Y claro que los gobernantes andaluces pueden
esgrimir ese escudo. No se trata de una
ocurrencia surrealista del Consejero de
Innovación, sino el aprovechamiento en su
beneficio de una apisonadora legal que desde 1999
cercena con la eficacia del zarpazo estalinista
el acceso a buena parte de la información
necesaria para el esclarecimiento de
irregularidades administrativas o la
transparencia de datos de interés colectivo
sustancial que, custodiados por los poderes
públicos, pueden ser explotados a conveniencia
de los custodiantes.
La vigente Ley
de Protección de Datos considera dato de
carácter personal «cualquier información
perteneciente a personas físicas identificadas o
identificables». Define como tratamiento de
datos [las] «operaciones y procedimientos
técnicos, de carácter automatizado o no, que
permitan la recogida, grabación, conservación,
elaboración, modificación, bloqueo y
cancelación, así como las cesiones de datos que
resulten de comunicaciones, consultas,
interconexiones y transferencias». Y establece
que toda la cohorte de candados y mordazas que
despliega -para privilegiar una intimidad
personal que nada sabe de otros derechos
democráticos de libertad de información,
control ciudadano de los poderes públicos o
seguridad jurídica-, será de aplicación a
todos «los datos de carácter personal, que los
haga susceptibles de tratamiento, y a toda
modalidad de uso posterior de estos datos por los
sectores público y privado».
En virtud de tan
totalitaria y absolutista concatenación
cualquier dato por el que se pudiera identificar
a una persona -cuando rellena cualquier impreso
administrativo, por ejemplo-, queda ya
restringido al cometido para el que fue
facilitado y su revelación o cesión a terceros
sin consentimiento expreso del afectado se
convierte en acción ilícita perseguible con
durísimas sanciones.
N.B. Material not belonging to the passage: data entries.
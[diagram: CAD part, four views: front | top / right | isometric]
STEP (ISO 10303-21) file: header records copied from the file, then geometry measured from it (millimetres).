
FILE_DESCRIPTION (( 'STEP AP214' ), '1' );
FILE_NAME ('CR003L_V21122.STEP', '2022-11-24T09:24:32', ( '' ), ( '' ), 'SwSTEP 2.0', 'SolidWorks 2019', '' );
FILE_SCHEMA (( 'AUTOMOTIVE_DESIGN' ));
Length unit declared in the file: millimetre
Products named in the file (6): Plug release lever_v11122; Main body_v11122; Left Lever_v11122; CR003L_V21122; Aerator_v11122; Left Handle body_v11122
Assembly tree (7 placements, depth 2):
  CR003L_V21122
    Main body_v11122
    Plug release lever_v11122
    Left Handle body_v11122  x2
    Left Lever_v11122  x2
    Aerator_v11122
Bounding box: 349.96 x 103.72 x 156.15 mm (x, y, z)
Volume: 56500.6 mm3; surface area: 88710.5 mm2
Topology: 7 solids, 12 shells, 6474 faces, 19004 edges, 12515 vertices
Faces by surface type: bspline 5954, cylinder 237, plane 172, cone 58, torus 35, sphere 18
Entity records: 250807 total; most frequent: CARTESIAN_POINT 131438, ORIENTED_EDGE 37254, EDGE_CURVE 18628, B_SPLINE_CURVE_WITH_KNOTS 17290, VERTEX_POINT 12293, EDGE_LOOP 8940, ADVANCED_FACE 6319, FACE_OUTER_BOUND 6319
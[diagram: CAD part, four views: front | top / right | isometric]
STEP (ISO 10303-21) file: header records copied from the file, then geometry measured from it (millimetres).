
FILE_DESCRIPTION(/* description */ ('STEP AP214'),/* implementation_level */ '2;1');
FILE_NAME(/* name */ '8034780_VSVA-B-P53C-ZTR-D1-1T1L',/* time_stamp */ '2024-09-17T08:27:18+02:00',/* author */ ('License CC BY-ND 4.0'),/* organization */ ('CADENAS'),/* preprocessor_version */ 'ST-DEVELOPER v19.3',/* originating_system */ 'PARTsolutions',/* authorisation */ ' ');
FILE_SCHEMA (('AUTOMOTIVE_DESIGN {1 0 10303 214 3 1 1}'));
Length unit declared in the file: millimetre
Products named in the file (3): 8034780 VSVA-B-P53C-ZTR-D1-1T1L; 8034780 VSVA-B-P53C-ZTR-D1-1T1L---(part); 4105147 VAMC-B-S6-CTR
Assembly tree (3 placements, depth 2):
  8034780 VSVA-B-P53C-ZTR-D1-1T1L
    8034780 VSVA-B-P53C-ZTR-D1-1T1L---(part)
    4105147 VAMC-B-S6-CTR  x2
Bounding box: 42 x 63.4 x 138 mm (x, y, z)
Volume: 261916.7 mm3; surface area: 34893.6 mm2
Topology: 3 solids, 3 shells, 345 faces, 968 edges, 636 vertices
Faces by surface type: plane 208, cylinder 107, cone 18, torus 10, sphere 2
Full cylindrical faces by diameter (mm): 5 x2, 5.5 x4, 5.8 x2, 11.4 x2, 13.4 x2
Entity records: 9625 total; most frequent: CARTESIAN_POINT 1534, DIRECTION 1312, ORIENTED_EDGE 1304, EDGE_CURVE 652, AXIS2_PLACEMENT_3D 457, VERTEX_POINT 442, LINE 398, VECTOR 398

Como no podía ser de otro
modo, el Estado y sus administraciones se
reservan para sí la excepcionalidad de
intercambiar, reelaborar e incluso publicar todos
aquellos datos personalizados que estime
necesarios para el ejercicio de sus funciones y
las correspondientes normas específicas así lo
determinen. En virtud de esa facultad, un
Ayuntamiento, por ejemplo, puede divulgar los
datos de morosos en el pago de la tasa de
basuras, mediante el correspondiente boletín
oficial. Pero ni el ciudadano individual ni
organizaciones de ningún tipo pueden exigir la
revelación de esos datos, pues la ley no sólo
no contempla el derecho ciudadano a saber (si,
como en el caso de la hija de Manuel Chaves, los
administradores quizá prefieran evitar ese
conocimiento a la opinión pública), sino que
convierte en punible la revelación en caso de
que el responsable sufriera un ataque de
solidaria transparencia democrática.
Es cierto que en
el ejercicio de competencias legítimas cruzadas,
un juez podría reclamar el listado conflictivo y
dirimir la comisión o no de irregularidades.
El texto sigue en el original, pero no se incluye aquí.